[Supplied data]

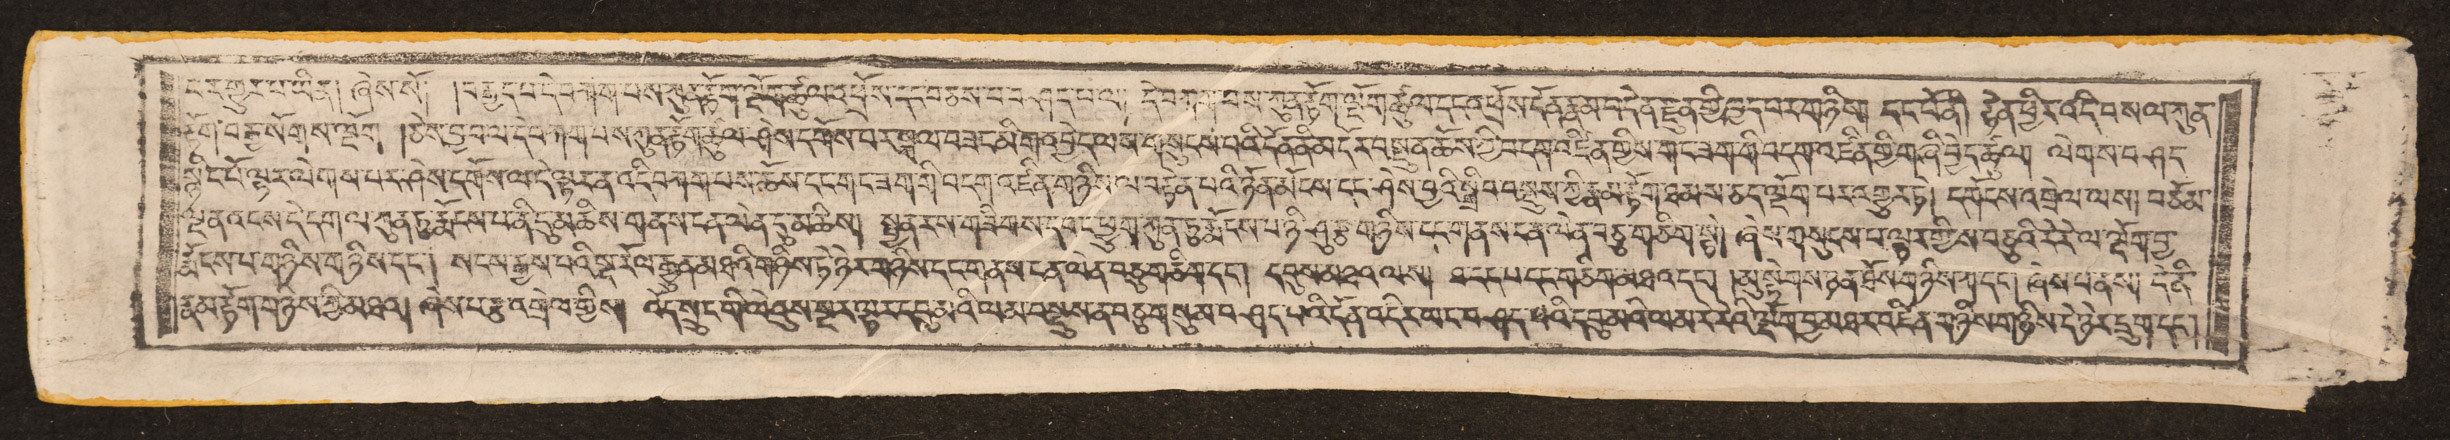པར་གྱུར་པ་ཡིན། ཞེས་སོ། །བརྒྱད་པ་དེ་བཀག་པས་ཀུན་རྟོག་ལྡོག་ཚུལ་འཕྲོས་དང་བཅས་པ་བཤད་པ་ལ། དེ་བཀག་པས་ཀུན་རྟོག་ལྡོག་ཚུལ་དང་འཕྲོས་དོན་རྣམ་བདེན་རྫུན་གྱི་ཁྱད་པར་གཉིས། དང་པོ་ནི། རྟེན་ཕྱིར་འདི་བསལ་ཀུན་
རྟོག་བརྒྱ་སོགས་ལྡོག །ཅེས་བྱ་བ་ལ་དེ་བཀག་པས་ཀུན་རྟོག་ཚུལ་ཤེས་དགོས་པར་སྐལ་བཟང་མིག་འབྱེད་ལས་གསུངས་པའི་དོན་ནི་མདོར་བསྡུ་ན་ཆོས་ཀྱི་བདག་འཛིན་གྱིས་གང་ཟག་གི་བདག་འཛིན་གྱི་གཞི་བྱེད་ཚུལ། ལེགས་བཤད་
སྙིང་པོ་ལྟར་ལེགས་པར་ཤེས་དགོས་ལ་དེ་ལྟར་ན་འདི་བཀག་པས་ཆོས་དང་གང་ཟག་གི་བདག་འཛིན་གཉིས་ལ་བརྟེན་པའི་ཉོན་མོངས་དང་ཤེས་བྱའི་སྒྲིབ་བསྡུས་ཀྱི་རྣམ་རྟོག་ཐམས་ཅད་ལྡོག་པར་འགྱུར་ཏེ། དགོངས་འགྲེལ་ལས། བཅོམ་
ལྡན་འདས་དེ་དག་ལ་ཀུན་ཏུ་རྨོངས་པ་ནི་དུ་མཆིས་གནས་ངན་ལེན་དུ་མཆིས། སྤྱན་རས་གཟིགས་དབང་ཕྱུག་ཀུན་ཏུ་རྨོངས་པ་ཉི་ཤུ་རྩ་གཉིས་དང་གནས་ངན་ལེན་བཅུ་གཅིག་སྟེ། ཞེས་གསུངས་པ་ལྟར་གྱི་ས་བཅུའི་རེ་རེ་ལ་ལྡོག་བྱ་
རྨོངས་པ་གཉིས་གཉིས་དང་། སངས་རྒྱས་པའི་སྔ་རོལ་རྒྱུན་མཐའི་གཉིས་ཏེ་ཉེར་གཉིས་དང་གནས་ངན་ལེན་བཅུ་གཅིག་དང་། དབུས་མཐའ་ལས། ཐ་དད་པ་དང་གཅིག་མཐའ་དང་། །མུ་སྟེགས་ཉན་ཐོས་གཉིས་ཀ་དང་། ཞེས་པ་ནས། དེ་ནི་
རྣམ་རྟོག་གཉིས་ཀྱི་མཐའ། ཞེས་པ་རྩ་འགྲེལ་གྱིས། འོད་སྲུང་གི་ལེའུས་སྔར་ལྟར་དབུ་མའི་ལམ་བསྡུས་ན་བཅུ་གསུམ་བཤད་པའི་དོན་འདིར་ཡང་བཤད་པའི་དབུ་མའི་ལམ་རེ་རེའི་ལྡོག་བྱ་མཐར་འཛིན་གཉིས་གཉིས་དེ་ཉེར་དྲུག་དང་།

[/Supplied data]

Each record above goes into the copy word for word; the pictures do not.

པར་གྱུར་པ་ཡིན། ཞེས་སོ། །བརྒྱད་པ་དེ་བཀག་པས་ཀུན་རྟོག་ལྡོག་ཚུལ་འཕྲོས་དང་བཅས་པ་བཤད་པ་ལ། དེ་བཀག་པས་ཀུན་རྟོག་ལྡོག་ཚུལ་དང་འཕྲོས་དོན་རྣམ་བདེན་རྫུན་གྱི་ཁྱད་པར་གཉིས། དང་པོ་ནི། རྟེན་ཕྱིར་འདི་བསལ་ཀུན་
རྟོག་བརྒྱ་སོགས་ལྡོག །ཅེས་བྱ་བ་ལ་དེ་བཀག་པས་ཀུན་རྟོག་ཚུལ་ཤེས་དགོས་པར་སྐལ་བཟང་མིག་འབྱེད་ལས་གསུངས་པའི་དོན་ནི་མདོར་བསྡུ་ན་ཆོས་ཀྱི་བདག་འཛིན་གྱིས་གང་ཟག་གི་བདག་འཛིན་གྱི་གཞི་བྱེད་ཚུལ། ལེགས་བཤད་
སྙིང་པོ་ལྟར་ལེགས་པར་ཤེས་དགོས་ལ་དེ་ལྟར་ན་འདི་བཀག་པས་ཆོས་དང་གང་ཟག་གི་བདག་འཛིན་གཉིས་ལ་བརྟེན་པའི་ཉོན་མོངས་དང་ཤེས་བྱའི་སྒྲིབ་བསྡུས་ཀྱི་རྣམ་རྟོག་ཐམས་ཅད་ལྡོག་པར་འགྱུར་ཏེ། དགོངས་འགྲེལ་ལས། བཅོམ་
ལྡན་འདས་དེ་དག་ལ་ཀུན་ཏུ་རྨོངས་པ་ནི་དུ་མཆིས་གནས་ངན་ལེན་དུ་མཆིས། སྤྱན་རས་གཟིགས་དབང་ཕྱུག་ཀུན་ཏུ་རྨོངས་པ་ཉི་ཤུ་རྩ་གཉིས་དང་གནས་ངན་ལེན་བཅུ་གཅིག་སྟེ། ཞེས་གསུངས་པ་ལྟར་གྱི་ས་བཅུའི་རེ་རེ་ལ་ལྡོག་བྱ་
རྨོངས་པ་གཉིས་གཉིས་དང་། སངས་རྒྱས་པའི་སྔ་རོལ་རྒྱུན་མཐའི་གཉིས་ཏེ་ཉེར་གཉིས་དང་གནས་ངན་ལེན་བཅུ་གཅིག་དང་། དབུས་མཐའ་ལས། ཐ་དད་པ་དང་གཅིག་མཐའ་དང་། །མུ་སྟེགས་ཉན་ཐོས་གཉིས་ཀ་དང་། ཞེས་པ་ནས། དེ་ནི་
རྣམ་རྟོག་གཉིས་ཀྱི་མཐའ། ཞེས་པ་རྩ་འགྲེལ་གྱིས། འོད་སྲུང་གི་ལེའུས་སྔར་ལྟར་དབུ་མའི་ལམ་བསྡུས་ན་བཅུ་གསུམ་བཤད་པའི་དོན་འདིར་ཡང་བཤད་པའི་དབུ་མའི་ལམ་རེ་རེའི་ལྡོག་བྱ་མཐར་འཛིན་གཉིས་གཉིས་དེ་ཉེར་དྲུག་དང་།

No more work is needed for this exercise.